Closed form for a binomial identity

Question

$\textrm {How do I find a closed form for } \sum_{j=0}^n{} j\displaystyle\binom{j}{r} = ?$

Is this some kind of upper index summation?

Any previous papers?

Thank you

Answer 1

$$\sum_{n=0}^\infty \binom{n}{r}x^n = \frac{x^r}{(1-x)^{r+1}}$$

Taking the derivative and multiplying by $x$ gives us:

$$\sum_{n=1}^\infty n\binom{n}{r} x^{n} = \frac{x^{r+1}+ rx^{r}}{(1-x)^{r+2}}$$

Multiplying by $\frac{1}{1-x}$, we get:

$$\sum_{n=0}^{\infty}x^n\left(\sum_{j=1}^{n}j\binom{j}{r}\right)=\frac{x^{r+1}+rx^r}{(1-x)^{r+3}}$$

Now, $$\frac{1}{(1-x)^{r+3}}=\sum_{k=0}^\infty \binom{r+k+2}{r+2}x^k$$

So $$\sum_{j=1}^{n}j\binom{j}{r} = \binom{n+1}{r+2} + r\binom{n+2}{r+2}$$

You can, perhaps, prove this directly by induction.

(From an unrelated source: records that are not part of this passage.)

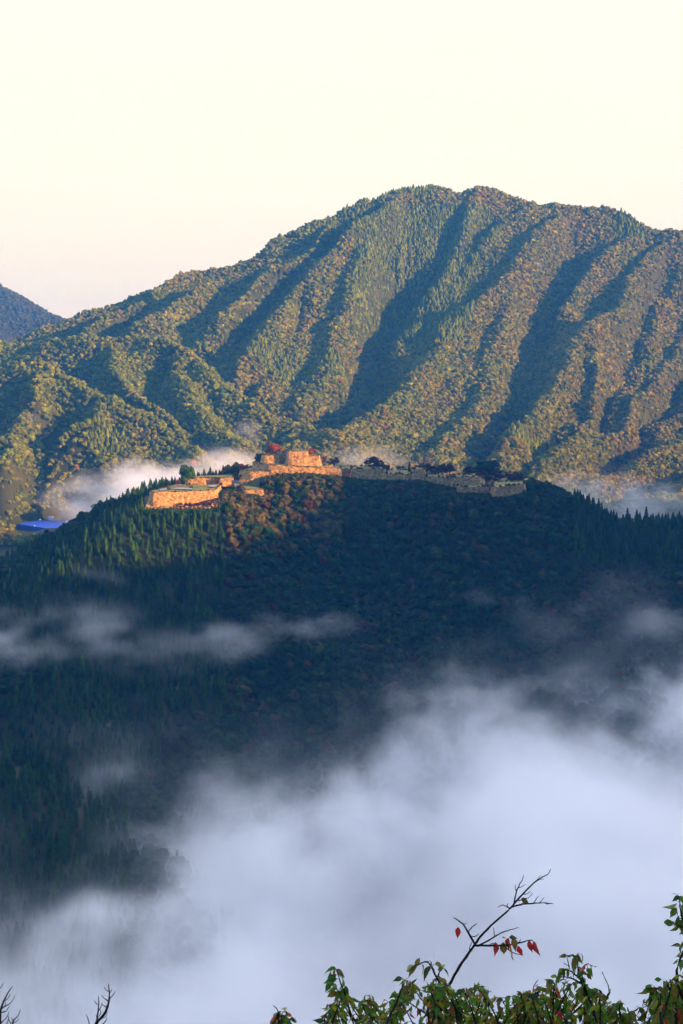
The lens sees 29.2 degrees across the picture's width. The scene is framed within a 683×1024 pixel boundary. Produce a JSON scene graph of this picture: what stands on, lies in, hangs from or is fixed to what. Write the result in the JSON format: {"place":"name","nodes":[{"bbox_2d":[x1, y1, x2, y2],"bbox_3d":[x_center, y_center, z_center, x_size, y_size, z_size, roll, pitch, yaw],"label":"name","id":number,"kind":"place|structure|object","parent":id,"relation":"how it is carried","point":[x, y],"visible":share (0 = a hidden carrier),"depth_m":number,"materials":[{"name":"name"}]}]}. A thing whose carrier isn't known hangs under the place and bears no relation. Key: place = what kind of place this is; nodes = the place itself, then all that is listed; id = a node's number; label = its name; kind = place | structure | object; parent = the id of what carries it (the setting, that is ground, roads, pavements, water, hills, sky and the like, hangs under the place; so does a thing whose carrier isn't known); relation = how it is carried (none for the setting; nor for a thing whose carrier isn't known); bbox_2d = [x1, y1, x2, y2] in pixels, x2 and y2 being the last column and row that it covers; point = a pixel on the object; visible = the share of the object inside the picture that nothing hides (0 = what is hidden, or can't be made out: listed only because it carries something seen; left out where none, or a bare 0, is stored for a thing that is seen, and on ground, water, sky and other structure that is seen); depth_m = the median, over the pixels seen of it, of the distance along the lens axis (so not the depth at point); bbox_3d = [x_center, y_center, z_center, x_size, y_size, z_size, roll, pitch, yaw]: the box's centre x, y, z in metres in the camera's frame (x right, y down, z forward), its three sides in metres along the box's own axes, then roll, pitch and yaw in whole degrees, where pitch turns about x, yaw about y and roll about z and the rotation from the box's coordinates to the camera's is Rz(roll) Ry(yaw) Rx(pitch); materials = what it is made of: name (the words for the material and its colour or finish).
{"place":"outdoors","nodes":[
{"label":"outdoors","id":0,"kind":"place"},
{"bbox_2d":[18,520,68,530],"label":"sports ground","id":1,"kind":"structure","parent":0,"point":[36,525],"depth_m":1784.27,"materials":[{"name":"blue"}]},
{"bbox_2d":[0,188,682,1023],"bbox_3d":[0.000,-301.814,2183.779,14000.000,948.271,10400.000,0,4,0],"label":"ground","id":2,"kind":"structure","parent":0,"point":[630,974],"depth_m":939.03,"materials":[{"name":"green plant"}]},
{"bbox_2d":[0,983,20,1023],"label":"bare shrub","id":3,"kind":"object","parent":2,"relation":"on","point":[2,1006],"visible":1,"depth_m":5.16,"materials":[{"name":"brown plant"}]},
{"bbox_2d":[83,513,93,519],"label":"broadleaf tree","id":4,"kind":"object","parent":2,"relation":"on","point":[86,515],"visible":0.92,"depth_m":1195.85,"materials":[{"name":"green plant"}]},
{"bbox_2d":[86,984,114,1023],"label":"bare shrub","id":5,"kind":"object","parent":2,"relation":"on","point":[97,1021],"visible":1,"depth_m":5.15,"materials":[{"name":"brown plant"}]},
{"bbox_2d":[145,505,173,508],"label":"stone rampart","id":6,"kind":"object","parent":2,"relation":"on","point":[164,506],"visible":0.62,"depth_m":1145.51,"materials":[{"name":"stone"}]},
{"bbox_2d":[147,484,221,506],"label":"stone rampart","id":7,"kind":"object","parent":2,"relation":"on","point":[157,498],"visible":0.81,"depth_m":1159.12,"materials":[{"name":"stone"}]},
{"bbox_2d":[179,464,194,484],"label":"pine tree","id":8,"kind":"object","parent":2,"relation":"on","point":[186,472],"visible":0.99,"depth_m":1225.38,"materials":[{"name":"green plant"}]},
{"bbox_2d":[174,498,221,509],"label":"rubble slope","id":9,"kind":"structure","parent":2,"relation":"on","point":[214,503],"depth_m":1151.12,"materials":[{"name":"stone"}]},
{"bbox_2d":[185,475,234,486],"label":"stone rampart","id":10,"kind":"object","parent":2,"relation":"on","point":[227,481],"visible":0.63,"depth_m":1240.92,"materials":[{"name":"stone"}]},
{"bbox_2d":[220,495,227,500],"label":"broadleaf tree","id":11,"kind":"object","parent":2,"relation":"on","point":[224,497],"visible":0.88,"depth_m":1166.26,"materials":[{"name":"orange plant"}]},
{"bbox_2d":[239,477,254,484],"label":"stone rampart","id":12,"kind":"object","parent":2,"relation":"on","point":[245,481],"visible":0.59,"depth_m":1234.71,"materials":[{"name":"beige stone"}]},
{"bbox_2d":[241,485,263,495],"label":"stone rampart","id":13,"kind":"object","parent":2,"relation":"on","point":[254,490],"visible":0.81,"depth_m":1201.64,"materials":[{"name":"stone"}]},
{"bbox_2d":[238,468,268,478],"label":"stone rampart","id":14,"kind":"object","parent":2,"relation":"on","point":[255,474],"visible":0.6,"depth_m":1245.22,"materials":[{"name":"stone"}]},
{"bbox_2d":[238,463,250,468],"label":"maple tree","id":15,"kind":"object","parent":14,"relation":"on","point":[241,466],"visible":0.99,"depth_m":1272.97,"materials":[{"name":"red plant"}]},
{"bbox_2d":[254,454,261,461],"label":"pine tree","id":16,"kind":"object","parent":2,"relation":"on","point":[257,458],"visible":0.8,"depth_m":1293.93,"materials":[{"name":"green plant"}]},
{"bbox_2d":[270,1005,296,1023],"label":"leafy tree","id":17,"kind":"object","parent":2,"relation":"on","point":[277,1016],"visible":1,"depth_m":5.16,"materials":[{"name":"green plant"}]},
{"bbox_2d":[251,462,342,475],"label":"stone rampart","id":18,"kind":"object","parent":2,"relation":"on","point":[272,469],"visible":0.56,"depth_m":1243.14,"materials":[{"name":"beige stone"}]},
{"bbox_2d":[260,454,280,464],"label":"stone rampart","id":19,"kind":"object","parent":18,"relation":"on","point":[271,459],"visible":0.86,"depth_m":1262.99,"materials":[{"name":"stone"}]},
{"bbox_2d":[265,443,284,453],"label":"maple tree","id":20,"kind":"object","parent":19,"relation":"on","point":[274,449],"visible":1,"depth_m":1273.23,"materials":[{"name":"red plant"}]},
{"bbox_2d":[280,456,284,463],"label":"stone rampart","id":21,"kind":"object","parent":18,"relation":"on","point":[282,459],"visible":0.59,"depth_m":1274.53,"materials":[{"name":"grey stone"}]},
{"bbox_2d":[284,450,308,466],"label":"stone rampart","id":22,"kind":"object","parent":18,"relation":"on","point":[296,457],"visible":0.79,"depth_m":1254.02,"materials":[{"name":"beige stone"}]},
{"bbox_2d":[308,454,321,465],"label":"stone rampart","id":23,"kind":"object","parent":18,"relation":"on","point":[314,460],"visible":0.79,"depth_m":1254.88,"materials":[{"name":"beige stone"}]},
{"bbox_2d":[308,448,316,453],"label":"maple tree","id":24,"kind":"object","parent":23,"relation":"on","point":[310,451],"visible":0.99,"depth_m":1280.69,"materials":[{"name":"red plant"}]},
{"bbox_2d":[320,456,326,465],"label":"maple tree","id":25,"kind":"object","parent":18,"relation":"on","point":[324,458],"visible":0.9,"depth_m":1286.65,"materials":[{"name":"red plant"}]},
{"bbox_2d":[326,457,338,465],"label":"cherry tree","id":26,"kind":"object","parent":2,"relation":"on","point":[336,460],"visible":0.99,"depth_m":1289.94,"materials":[{"name":"brown plant"}]},
{"bbox_2d":[0,184,682,544],"label":"mountain forest","id":27,"kind":"object","parent":2,"relation":"on","point":[546,382],"depth_m":2407.48,"materials":[{"name":"green plant"}]},
{"bbox_2d":[0,469,682,1023],"bbox_3d":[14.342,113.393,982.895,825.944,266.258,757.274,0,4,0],"label":"castle hill forest","id":28,"kind":"object","parent":2,"relation":"on","point":[602,535],"visible":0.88,"depth_m":928.05,"materials":[{"name":"green plant"}]},
{"bbox_2d":[341,467,351,476],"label":"stone rampart","id":29,"kind":"object","parent":2,"relation":"on","point":[346,472],"visible":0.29,"depth_m":1259.97,"materials":[{"name":"grey stone"}]},
{"bbox_2d":[350,466,386,478],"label":"stone rampart","id":30,"kind":"object","parent":2,"relation":"on","point":[365,472],"visible":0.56,"depth_m":1245.78,"materials":[{"name":"grey stone"}]},
{"bbox_2d":[364,456,389,469],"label":"cherry tree","id":31,"kind":"object","parent":2,"relation":"on","point":[374,460],"visible":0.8,"depth_m":1278.15,"materials":[{"name":"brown plant"}]},
{"bbox_2d":[385,483,395,493],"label":"broadleaf tree","id":32,"kind":"object","parent":2,"relation":"on","point":[392,486],"visible":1,"depth_m":1212.70,"materials":[{"name":"green plant"}]},
{"bbox_2d":[386,470,411,479],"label":"stone rampart","id":33,"kind":"object","parent":2,"relation":"on","point":[398,476],"visible":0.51,"depth_m":1243.48,"materials":[{"name":"grey stone"}]},
{"bbox_2d":[397,486,405,493],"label":"broadleaf tree","id":34,"kind":"object","parent":2,"relation":"on","point":[402,489],"visible":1,"depth_m":1209.71,"materials":[{"name":"green plant"}]},
{"bbox_2d":[398,482,408,489],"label":"broadleaf tree","id":35,"kind":"object","parent":2,"relation":"on","point":[403,485],"visible":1,"depth_m":1215.29,"materials":[{"name":"green plant"}]},
{"bbox_2d":[411,468,425,480],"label":"stone rampart","id":36,"kind":"object","parent":2,"relation":"on","point":[419,473],"visible":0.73,"depth_m":1241.76,"materials":[{"name":"grey stone"}]},
{"bbox_2d":[419,462,432,472],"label":"cherry tree","id":37,"kind":"object","parent":2,"relation":"on","point":[429,467],"visible":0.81,"depth_m":1278.49,"materials":[{"name":"brown plant"}]},
{"bbox_2d":[430,465,442,474],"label":"cherry tree","id":38,"kind":"object","parent":2,"relation":"on","point":[439,468],"visible":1,"depth_m":1272.08,"materials":[{"name":"brown plant"}]},
{"bbox_2d":[426,474,452,485],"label":"stone rampart","id":39,"kind":"object","parent":2,"relation":"on","point":[444,480],"visible":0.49,"depth_m":1236.65,"materials":[{"name":"grey stone"}]},
{"bbox_2d":[441,463,455,474],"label":"cherry tree","id":40,"kind":"object","parent":2,"relation":"on","point":[448,467],"visible":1,"depth_m":1270.08,"materials":[{"name":"brown plant"}]},
{"bbox_2d":[450,493,459,499],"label":"broadleaf tree","id":41,"kind":"object","parent":2,"relation":"on","point":[453,496],"visible":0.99,"depth_m":1176.31,"materials":[{"name":"green plant"}]},
{"bbox_2d":[450,475,484,487],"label":"stone rampart","id":42,"kind":"object","parent":2,"relation":"on","point":[470,480],"visible":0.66,"depth_m":1223.32,"materials":[{"name":"grey stone"}]},
{"bbox_2d":[462,466,475,474],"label":"cherry tree","id":43,"kind":"object","parent":2,"relation":"on","point":[469,471],"visible":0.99,"depth_m":1277.45,"materials":[{"name":"brown plant"}]},
{"bbox_2d":[457,484,488,492],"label":"stone rampart","id":44,"kind":"object","parent":2,"relation":"on","point":[473,488],"visible":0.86,"depth_m":1207.21,"materials":[{"name":"grey stone"}]},
{"bbox_2d":[313,869,644,1023],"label":"leafy tree","id":45,"kind":"object","parent":2,"relation":"on","point":[436,1002],"visible":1,"depth_m":4.99,"materials":[{"name":"green plant"}]},
{"bbox_2d":[475,471,490,480],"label":"cherry tree","id":46,"kind":"object","parent":2,"relation":"on","point":[485,474],"visible":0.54,"depth_m":1253.76,"materials":[{"name":"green plant"}]},
{"bbox_2d":[474,460,500,474],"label":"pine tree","id":47,"kind":"object","parent":2,"relation":"on","point":[489,467],"visible":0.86,"depth_m":1281.62,"materials":[{"name":"green plant"}]},
{"bbox_2d":[488,470,503,480],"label":"cherry tree","id":48,"kind":"object","parent":2,"relation":"on","point":[498,474],"visible":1,"depth_m":1253.28,"materials":[{"name":"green plant"}]},
{"bbox_2d":[486,478,527,485],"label":"stone rampart","id":49,"kind":"object","parent":2,"relation":"on","point":[490,482],"visible":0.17,"depth_m":1256.49,"materials":[{"name":"grey stone"}]},
{"bbox_2d":[490,481,525,496],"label":"stone rampart","id":50,"kind":"object","parent":2,"relation":"on","point":[502,491],"visible":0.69,"depth_m":1195.12,"materials":[{"name":"grey stone"}]},
{"bbox_2d":[504,471,525,480],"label":"cherry tree","id":51,"kind":"object","parent":2,"relation":"on","point":[515,475],"visible":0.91,"depth_m":1254.16,"materials":[{"name":"brown plant"}]},
{"bbox_2d":[614,512,618,524],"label":"cedar tree","id":52,"kind":"object","parent":2,"relation":"on","point":[616,520],"visible":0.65,"depth_m":1220.13,"materials":[{"name":"green plant"}]},
{"bbox_2d":[636,974,682,1023],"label":"leafy tree","id":53,"kind":"object","parent":2,"relation":"on","point":[666,999],"visible":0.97,"depth_m":4.81,"materials":[{"name":"green plant"}]},
{"bbox_2d":[664,893,682,999],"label":"leafy tree","id":54,"kind":"object","parent":2,"relation":"on","point":[678,924],"visible":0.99,"depth_m":5.12,"materials":[{"name":"green plant"}]},
{"bbox_2d":[0,0,682,318],"label":"sky","id":55,"kind":"structure","parent":0,"point":[143,143],"materials":[{"name":"white"}]}
]}

Another more direct approach would use:

$$(j+1)\binom{j}{r}= \frac{(j+1)!}{r!(r-j)!} = (r+1)\binom{j+1}{r+1}$$

Using this and some known formulas, we get that your sum is:

$$(r+1)\binom{n+2}{r+2}-\binom{n+1}{r+2}$$

This is, in fact, equal to my previous expression.

Counting proof

The left side $\sum_{j=1}^{n}j\binom{j}{r}$, counts the number of ways of picking $r+1$ elements of $\{1,2,3,\dots,n+1\}$, and then picking a free number less than the maximum in that set (the free number can be in the $r+1$-subset our not.) $j\binom{j}{r}$ counts the number of such selection where the set's maximum is $j+1$.

Now $(r+1)\binom{n+1}{r+2}$ counts the cases where the free number is chosen outside $r+1$-set - you pick $r+2$ numbers, then pick one of the non-maximum values as the free selection. Also, $r\binom{n+1}{r+1}$ counts the number of ways of picking the $r+1$ elements and then picking the free number as one of the $r$(non-maximal) elements of that set.

So: $$\sum_{j=1}^{n}j\binom{j}{r} = (r+1)\binom{n+1}{r+2}+r\binom{n+1}{r+1}$$

Again, using simple manipulation, you can see this is the same.